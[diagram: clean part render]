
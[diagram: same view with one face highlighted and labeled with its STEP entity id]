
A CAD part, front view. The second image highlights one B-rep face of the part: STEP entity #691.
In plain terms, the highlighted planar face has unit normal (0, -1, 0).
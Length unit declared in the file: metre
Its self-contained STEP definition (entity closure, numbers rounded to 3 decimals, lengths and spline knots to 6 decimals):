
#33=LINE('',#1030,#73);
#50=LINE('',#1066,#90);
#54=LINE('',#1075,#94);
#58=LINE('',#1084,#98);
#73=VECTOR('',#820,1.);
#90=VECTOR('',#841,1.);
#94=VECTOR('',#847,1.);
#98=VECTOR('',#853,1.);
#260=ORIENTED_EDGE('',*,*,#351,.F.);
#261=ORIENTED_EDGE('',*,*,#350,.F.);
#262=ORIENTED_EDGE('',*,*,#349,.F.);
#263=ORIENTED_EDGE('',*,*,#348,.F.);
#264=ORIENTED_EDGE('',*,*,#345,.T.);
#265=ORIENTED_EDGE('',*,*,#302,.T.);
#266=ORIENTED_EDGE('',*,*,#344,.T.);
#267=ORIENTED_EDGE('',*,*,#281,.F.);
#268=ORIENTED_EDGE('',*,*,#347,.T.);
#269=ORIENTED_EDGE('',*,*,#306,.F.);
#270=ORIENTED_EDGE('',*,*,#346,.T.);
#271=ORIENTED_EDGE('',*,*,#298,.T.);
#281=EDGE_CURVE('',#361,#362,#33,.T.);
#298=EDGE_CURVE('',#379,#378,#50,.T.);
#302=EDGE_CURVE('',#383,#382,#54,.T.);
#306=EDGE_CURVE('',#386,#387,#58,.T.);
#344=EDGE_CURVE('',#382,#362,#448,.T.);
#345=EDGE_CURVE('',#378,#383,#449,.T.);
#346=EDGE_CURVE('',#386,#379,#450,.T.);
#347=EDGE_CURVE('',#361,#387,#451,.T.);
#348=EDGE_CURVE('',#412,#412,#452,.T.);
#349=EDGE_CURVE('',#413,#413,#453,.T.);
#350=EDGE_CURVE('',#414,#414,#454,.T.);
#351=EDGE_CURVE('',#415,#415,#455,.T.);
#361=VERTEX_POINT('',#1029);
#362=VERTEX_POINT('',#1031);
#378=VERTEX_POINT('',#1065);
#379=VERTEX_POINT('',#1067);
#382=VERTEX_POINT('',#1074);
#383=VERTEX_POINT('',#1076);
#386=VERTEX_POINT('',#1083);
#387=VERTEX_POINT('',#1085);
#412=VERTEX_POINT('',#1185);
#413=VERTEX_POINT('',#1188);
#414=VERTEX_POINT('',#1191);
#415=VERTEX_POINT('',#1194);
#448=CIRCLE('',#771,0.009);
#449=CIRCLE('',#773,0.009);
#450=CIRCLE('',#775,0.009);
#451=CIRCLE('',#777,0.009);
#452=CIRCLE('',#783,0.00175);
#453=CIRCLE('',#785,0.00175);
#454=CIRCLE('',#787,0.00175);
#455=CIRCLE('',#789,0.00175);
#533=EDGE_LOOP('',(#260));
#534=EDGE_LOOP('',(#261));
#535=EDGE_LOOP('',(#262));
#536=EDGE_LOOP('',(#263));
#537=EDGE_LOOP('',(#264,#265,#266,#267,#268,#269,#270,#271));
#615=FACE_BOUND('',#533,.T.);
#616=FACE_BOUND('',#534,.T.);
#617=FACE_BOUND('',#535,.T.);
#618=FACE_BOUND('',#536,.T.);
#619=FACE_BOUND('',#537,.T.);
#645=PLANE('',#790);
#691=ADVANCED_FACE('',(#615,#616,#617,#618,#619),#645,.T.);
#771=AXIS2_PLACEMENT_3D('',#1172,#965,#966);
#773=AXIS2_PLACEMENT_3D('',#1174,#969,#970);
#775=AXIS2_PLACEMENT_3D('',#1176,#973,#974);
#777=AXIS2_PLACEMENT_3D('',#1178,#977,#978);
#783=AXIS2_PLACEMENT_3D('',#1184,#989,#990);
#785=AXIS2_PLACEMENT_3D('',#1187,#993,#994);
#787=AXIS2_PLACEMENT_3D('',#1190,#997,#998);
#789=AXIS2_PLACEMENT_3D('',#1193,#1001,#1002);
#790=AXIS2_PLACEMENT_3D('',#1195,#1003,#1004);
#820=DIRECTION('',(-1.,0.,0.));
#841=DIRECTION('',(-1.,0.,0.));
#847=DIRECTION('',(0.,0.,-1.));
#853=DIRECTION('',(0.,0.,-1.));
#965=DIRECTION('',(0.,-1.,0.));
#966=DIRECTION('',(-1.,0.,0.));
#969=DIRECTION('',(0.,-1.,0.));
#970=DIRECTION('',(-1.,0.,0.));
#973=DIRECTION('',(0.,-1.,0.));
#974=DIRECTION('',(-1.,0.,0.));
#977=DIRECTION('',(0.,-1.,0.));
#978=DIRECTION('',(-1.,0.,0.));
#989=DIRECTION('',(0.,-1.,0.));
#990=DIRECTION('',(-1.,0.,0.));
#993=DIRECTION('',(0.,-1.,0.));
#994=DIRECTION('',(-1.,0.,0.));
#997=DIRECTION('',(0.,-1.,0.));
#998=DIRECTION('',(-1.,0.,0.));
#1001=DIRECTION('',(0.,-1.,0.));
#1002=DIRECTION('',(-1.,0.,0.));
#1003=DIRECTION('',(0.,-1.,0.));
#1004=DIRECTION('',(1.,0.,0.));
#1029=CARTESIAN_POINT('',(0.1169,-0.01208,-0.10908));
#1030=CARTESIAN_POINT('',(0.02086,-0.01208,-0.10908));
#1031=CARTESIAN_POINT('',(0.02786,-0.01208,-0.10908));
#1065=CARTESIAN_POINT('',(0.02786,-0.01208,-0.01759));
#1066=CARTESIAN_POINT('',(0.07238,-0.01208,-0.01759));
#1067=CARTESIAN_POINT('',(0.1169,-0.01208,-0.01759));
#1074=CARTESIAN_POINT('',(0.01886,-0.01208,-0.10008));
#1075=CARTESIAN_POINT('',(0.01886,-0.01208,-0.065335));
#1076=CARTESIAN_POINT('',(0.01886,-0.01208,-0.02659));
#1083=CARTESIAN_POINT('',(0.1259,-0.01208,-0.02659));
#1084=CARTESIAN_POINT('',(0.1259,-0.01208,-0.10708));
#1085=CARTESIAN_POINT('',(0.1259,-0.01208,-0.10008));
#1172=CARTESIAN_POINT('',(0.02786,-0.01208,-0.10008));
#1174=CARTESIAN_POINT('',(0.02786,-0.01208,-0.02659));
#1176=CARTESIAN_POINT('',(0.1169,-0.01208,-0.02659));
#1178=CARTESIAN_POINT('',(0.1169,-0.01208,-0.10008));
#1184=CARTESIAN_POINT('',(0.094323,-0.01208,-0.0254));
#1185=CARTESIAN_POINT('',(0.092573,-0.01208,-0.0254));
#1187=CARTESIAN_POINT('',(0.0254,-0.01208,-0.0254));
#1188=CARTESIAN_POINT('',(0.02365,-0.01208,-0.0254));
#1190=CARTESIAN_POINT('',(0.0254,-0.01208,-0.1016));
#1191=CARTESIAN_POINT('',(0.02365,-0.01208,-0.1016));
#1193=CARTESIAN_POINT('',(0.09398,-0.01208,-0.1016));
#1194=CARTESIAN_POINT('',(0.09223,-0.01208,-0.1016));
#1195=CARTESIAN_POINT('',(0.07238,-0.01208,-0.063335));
========================================================================
**Task description**
Everything in the material above from the line that has "#306=EDGE_CURVE('',#386,#387,#58,.T.);" through the line that has "#537=EDGE_LOOP('',(#264,#265,#266,#267,#268,#269,#270,#271));" must be duplicated exactly, with no other lines given.

**Exercise response**
#306=EDGE_CURVE('',#386,#387,#58,.T.);
#344=EDGE_CURVE('',#382,#362,#448,.T.);
#345=EDGE_CURVE('',#378,#383,#449,.T.);
#346=EDGE_CURVE('',#386,#379,#450,.T.);
#347=EDGE_CURVE('',#361,#387,#451,.T.);
#348=EDGE_CURVE('',#412,#412,#452,.T.);
#349=EDGE_CURVE('',#413,#413,#453,.T.);
#350=EDGE_CURVE('',#414,#414,#454,.T.);
#351=EDGE_CURVE('',#415,#415,#455,.T.);
#361=VERTEX_POINT('',#1029);
#362=VERTEX_POINT('',#1031);
#378=VERTEX_POINT('',#1065);
#379=VERTEX_POINT('',#1067);
#382=VERTEX_POINT('',#1074);
#383=VERTEX_POINT('',#1076);
#386=VERTEX_POINT('',#1083);
#387=VERTEX_POINT('',#1085);
#412=VERTEX_POINT('',#1185);
#413=VERTEX_POINT('',#1188);
#414=VERTEX_POINT('',#1191);
#415=VERTEX_POINT('',#1194);
#448=CIRCLE('',#771,0.009);
#449=CIRCLE('',#773,0.009);
#450=CIRCLE('',#775,0.009);
#451=CIRCLE('',#777,0.009);
#452=CIRCLE('',#783,0.00175);
#453=CIRCLE('',#785,0.00175);
#454=CIRCLE('',#787,0.00175);
#455=CIRCLE('',#789,0.00175);
#533=EDGE_LOOP('',(#260));
#534=EDGE_LOOP('',(#261));
#535=EDGE_LOOP('',(#262));
#536=EDGE_LOOP('',(#263));
#537=EDGE_LOOP('',(#264,#265,#266,#267,#268,#269,#270,#271));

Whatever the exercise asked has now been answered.